* [Recorded information]
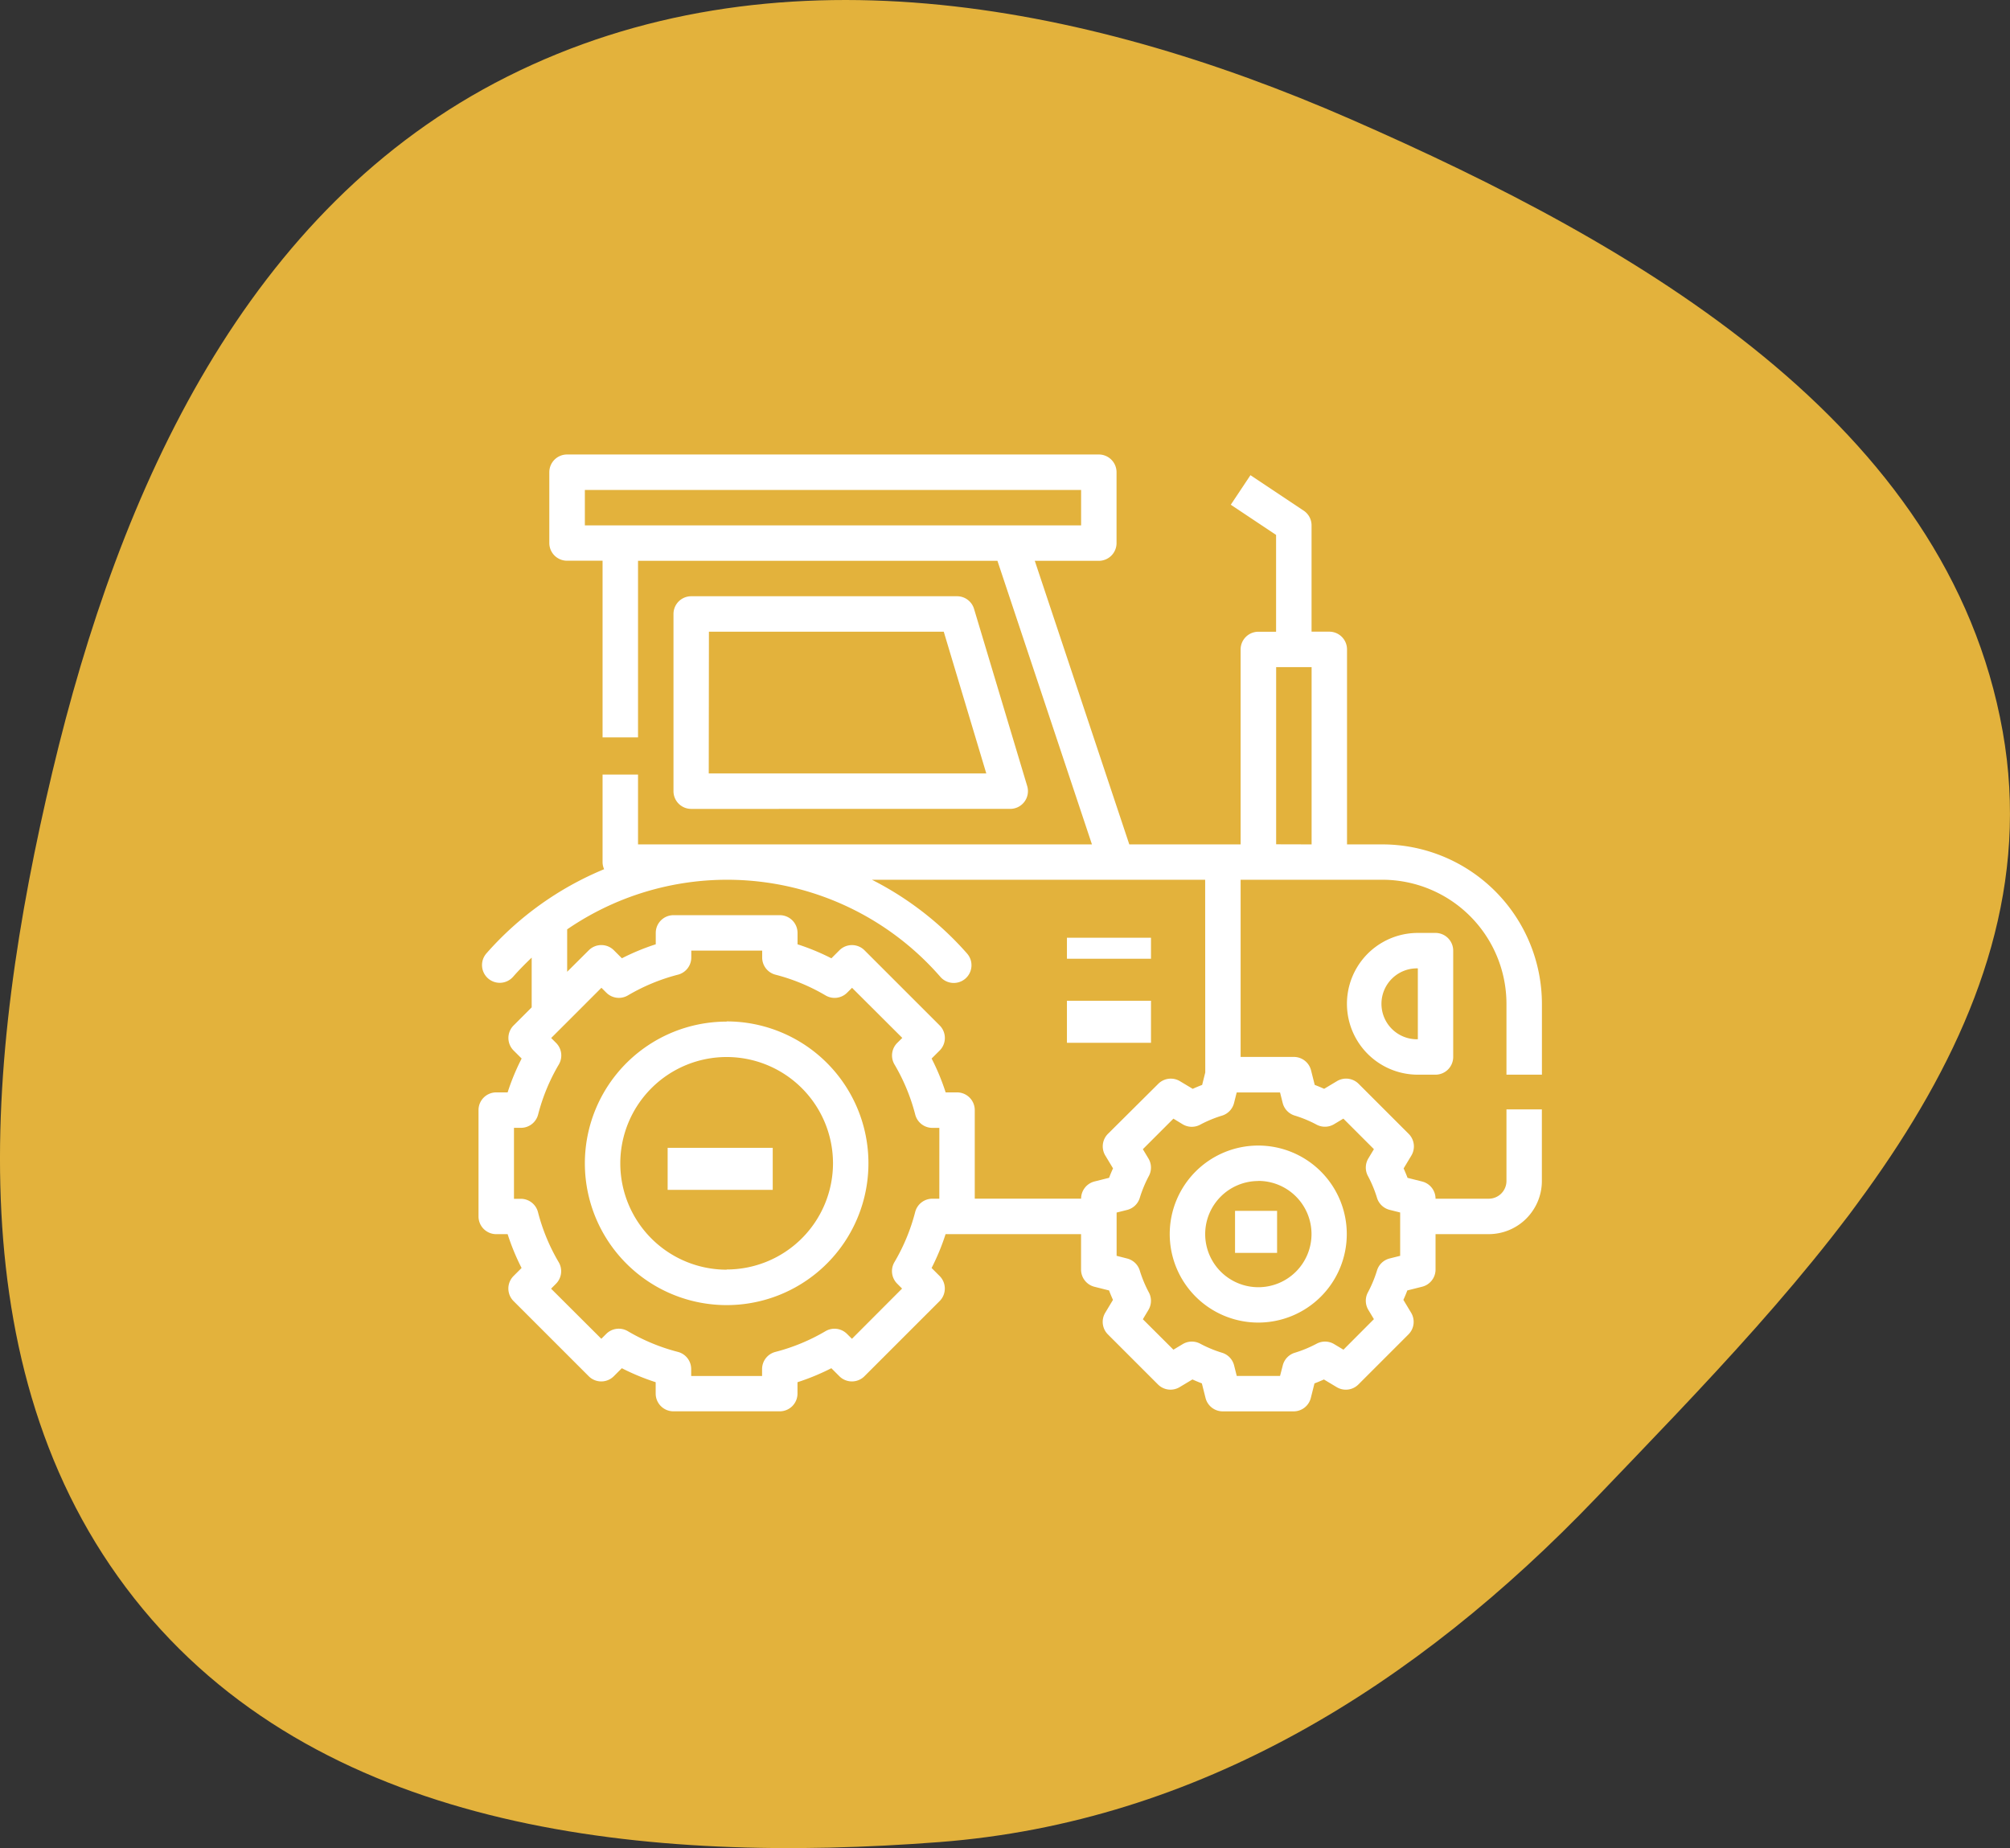 <svg xmlns="http://www.w3.org/2000/svg" width="84.01" height="77.259" viewBox="0 0 84.01 77.259">
  <rect x="0" y="0" width="84.01" height="77.259" fill="#333333" stroke="none"/>
  <g id="icon-produccion" transform="translate(-490 -5541)">
    <path id="Trazado_671" data-name="Trazado 671" d="M188.438,290.551c-12.128.929-25.528-.373-33.288-9.739-7.878-9.509-6.639-22.993-3.784-35.008,2.815-11.846,8.125-23.589,19.005-29.055,11.068-5.561,23.928-3.184,35.274,1.785,12.005,5.257,24.941,12.685,27.235,25.588,2.226,12.521-8.2,22.85-16.99,32.037-7.517,7.853-16.614,13.562-27.453,14.392" transform="translate(340.825 5327.457)" fill="#e3b23c"/>
    <g id="Grupo_45" data-name="Grupo 45" transform="translate(508 5555)">
      <path id="Trazado_667" data-name="Trazado 667" d="M39.779,21.3H38.3V13.148a.741.741,0,0,0-.741-.741h-.741V7.963a.741.741,0,0,0-.33-.616L34.264,5.865,33.442,7.1l1.893,1.262v4.048h-.741a.741.741,0,0,0-.741.741V21.3H29.2L25.25,9.445h2.676a.741.741,0,0,0,.741-.741V5.741A.741.741,0,0,0,27.927,5H5.7a.741.741,0,0,0-.741.741V8.7a.741.741,0,0,0,.741.741H7.185v7.384H8.667V9.445H23.689L27.639,21.3H8.667V18.381H7.185v3.656a.73.73,0,0,0,.065.3,13.329,13.329,0,0,0-4.92,3.52.741.741,0,0,0,1.116.976c.246-.281.508-.543.776-.8v2.079l-.756.757a.741.741,0,0,0,0,1.047l.337.336a9.408,9.408,0,0,0-.586,1.415H2.741A.741.741,0,0,0,2,32.408v4.445a.741.741,0,0,0,.741.741h.476A9.513,9.513,0,0,0,3.8,39.008l-.336.336a.741.741,0,0,0,0,1.047l3.143,3.143a.741.741,0,0,0,1.047,0l.336-.336a9.556,9.556,0,0,0,1.415.585v.476a.741.741,0,0,0,.741.741h4.445a.741.741,0,0,0,.741-.741v-.476a9.555,9.555,0,0,0,1.415-.585l.336.336a.741.741,0,0,0,1.047,0l3.143-3.143a.741.741,0,0,0,0-1.047l-.336-.336a9.513,9.513,0,0,0,.585-1.415h5.662v1.482a.741.741,0,0,0,.561.719l.609.153c.05.133.105.264.164.394l-.324.539a.741.741,0,0,0,.112.905L30.4,43.879a.741.741,0,0,0,.9.112l.539-.323c.13.059.262.113.394.164l.153.608a.741.741,0,0,0,.719.562h2.963a.741.741,0,0,0,.719-.561l.153-.608c.132-.05.264-.105.394-.164l.539.323a.741.741,0,0,0,.9-.112l2.095-2.095a.741.741,0,0,0,.112-.905l-.324-.539c.059-.13.115-.261.164-.394l.609-.153A.741.741,0,0,0,42,39.075V37.593h2.222a2.222,2.222,0,0,0,2.222-2.222V32.378H44.964v2.993a.741.741,0,0,1-.741.741H42a.741.741,0,0,0-.561-.719l-.609-.153c-.05-.133-.105-.264-.164-.394l.324-.539a.741.741,0,0,0-.112-.905l-2.095-2.095a.741.741,0,0,0-.9-.112l-.539.323c-.13-.059-.262-.113-.394-.164l-.153-.608a.741.741,0,0,0-.719-.561H33.853V22.778h5.926a5.191,5.191,0,0,1,5.185,5.185v2.963h1.482V27.964A6.674,6.674,0,0,0,39.779,21.3ZM7.926,7.963H6.445V6.482H27.186V7.963ZM21.26,36.112h-.292a.741.741,0,0,0-.717.556,8.1,8.1,0,0,1-.867,2.095.741.741,0,0,0,.114.9l.205.206-2.095,2.1-.206-.205a.741.741,0,0,0-.9-.114,8.111,8.111,0,0,1-2.094.867.741.741,0,0,0-.556.717v.29H10.889v-.291a.741.741,0,0,0-.556-.717,8.11,8.11,0,0,1-2.094-.867.741.741,0,0,0-.9.114l-.206.205-2.1-2.095.205-.206a.741.741,0,0,0,.114-.9,8.1,8.1,0,0,1-.867-2.095.741.741,0,0,0-.716-.556H3.482V33.149h.292a.741.741,0,0,0,.717-.556A8.1,8.1,0,0,1,5.357,30.5a.741.741,0,0,0-.114-.9l-.206-.206,2.1-2.1.206.205a.741.741,0,0,0,.9.114,8.111,8.111,0,0,1,2.094-.867.741.741,0,0,0,.556-.717v-.29h2.963v.291a.741.741,0,0,0,.556.717,8.111,8.111,0,0,1,2.094.867.741.741,0,0,0,.9-.114l.206-.205,2.1,2.095L19.5,29.6a.741.741,0,0,0-.114.9,8.1,8.1,0,0,1,.867,2.095.741.741,0,0,0,.717.556h.291ZM35.5,31.667l.11.438a.741.741,0,0,0,.5.53,5.1,5.1,0,0,1,.919.381.741.741,0,0,0,.73-.019l.388-.233,1.277,1.277-.233.388a.741.741,0,0,0-.018.731,5.117,5.117,0,0,1,.381.918.741.741,0,0,0,.528.5l.439.11V38.5l-.439.11a.741.741,0,0,0-.528.5,5.117,5.117,0,0,1-.381.918.741.741,0,0,0,.018.731l.233.388-1.273,1.277-.388-.233a.741.741,0,0,0-.73-.019,5.1,5.1,0,0,1-.919.381.741.741,0,0,0-.5.53l-.113.438H33.691l-.11-.438a.741.741,0,0,0-.5-.53,5.1,5.1,0,0,1-.919-.381.741.741,0,0,0-.73.019l-.388.233-1.277-1.273L30,40.761a.741.741,0,0,0,.018-.731,5.117,5.117,0,0,1-.381-.918.741.741,0,0,0-.528-.5l-.439-.113V36.691l.439-.11a.741.741,0,0,0,.528-.5,5.147,5.147,0,0,1,.381-.919A.741.741,0,0,0,30,34.43l-.233-.388,1.277-1.277L31.43,33a.741.741,0,0,0,.73.019,5.1,5.1,0,0,1,.919-.381.741.741,0,0,0,.5-.53l.11-.438H35.5Zm-3.125-.831-.13.519c-.132.05-.264.105-.394.164l-.539-.323a.741.741,0,0,0-.9.112L28.308,33.4a.741.741,0,0,0-.112.905l.324.538c-.059.13-.115.262-.164.395l-.609.153a.741.741,0,0,0-.561.719H22.741v-3.7A.741.741,0,0,0,22,31.667h-.476a9.407,9.407,0,0,0-.586-1.415l.337-.336a.741.741,0,0,0,0-1.047l-3.143-3.143a.741.741,0,0,0-1.047,0l-.336.336a9.556,9.556,0,0,0-1.415-.585V25a.741.741,0,0,0-.741-.741H10.148A.741.741,0,0,0,9.408,25v.476a9.556,9.556,0,0,0-1.415.585l-.336-.336a.741.741,0,0,0-1.047,0l-.905.9V24.852A11.815,11.815,0,0,1,21.3,26.833a.741.741,0,1,0,1.116-.975,13.316,13.316,0,0,0-3.973-3.08H32.371Zm2.963-9.54V13.889h1.482V21.3Z" fill="#fff"/>
      <path id="Trazado_668" data-name="Trazado 668" d="M53.963,32a2.963,2.963,0,1,0,0,5.926H54.7a.741.741,0,0,0,.741-.741V32.741A.741.741,0,0,0,54.7,32Zm0,4.445a1.482,1.482,0,1,1,0-2.963Z" transform="translate(-12.703 -6.999)" fill="#fff"/>
      <rect id="Rectángulo_819" data-name="Rectángulo 819" width="3.513" height="0.878" transform="translate(26.594 25.202)" fill="#fff"/>
      <rect id="Rectángulo_820" data-name="Rectángulo 820" width="3.513" height="1.757" transform="translate(26.594 27.837)" fill="#fff"/>
      <path id="Trazado_669" data-name="Trazado 669" d="M25.778,21.889a.741.741,0,0,0,.71-.953l-2.222-7.408a.741.741,0,0,0-.71-.528H12.445a.741.741,0,0,0-.741.741v7.408a.741.741,0,0,0,.741.741ZM13.185,14.482H23l1.778,5.926h-11.6Zm.741,16.3A5.926,5.926,0,1,0,19.852,36.7a5.926,5.926,0,0,0-5.926-5.926Zm0,10.371A4.445,4.445,0,1,1,18.371,36.7a4.445,4.445,0,0,1-4.445,4.445Z" transform="translate(-1.555 -2.074)" fill="#fff"/>
      <rect id="Rectángulo_821" data-name="Rectángulo 821" width="4.392" height="1.757" transform="translate(9.905 33.985)" fill="#fff"/>
      <path id="Trazado_670" data-name="Trazado 670" d="M41,47.7A3.7,3.7,0,1,0,44.7,44,3.7,3.7,0,0,0,41,47.7Zm3.7-2.222A2.222,2.222,0,1,1,42.482,47.7,2.222,2.222,0,0,1,44.7,45.482Z" transform="translate(-10.11 -10.11)" fill="#fff"/>
      <rect id="Rectángulo_822" data-name="Rectángulo 822" width="1.757" height="1.757" transform="translate(33.62 36.62)" fill="#fff"/>
    </g>
  </g>
</svg>

* [Work instructions]
Every line holding the string "Rectángulo" should be copied here, so please find those lines in the data.

* [Reply to the exercise]
      <rect id="Rectángulo_819" data-name="Rectángulo 819" width="3.513" height="0.878" transform="translate(26.594 25.202)" fill="#fff"/>
      <rect id="Rectángulo_820" data-name="Rectángulo 820" width="3.513" height="1.757" transform="translate(26.594 27.837)" fill="#fff"/>
      <rect id="Rectángulo_821" data-name="Rectángulo 821" width="4.392" height="1.757" transform="translate(9.905 33.985)" fill="#fff"/>
      <rect id="Rectángulo_822" data-name="Rectángulo 822" width="1.757" height="1.757" transform="translate(33.62 36.62)" fill="#fff"/>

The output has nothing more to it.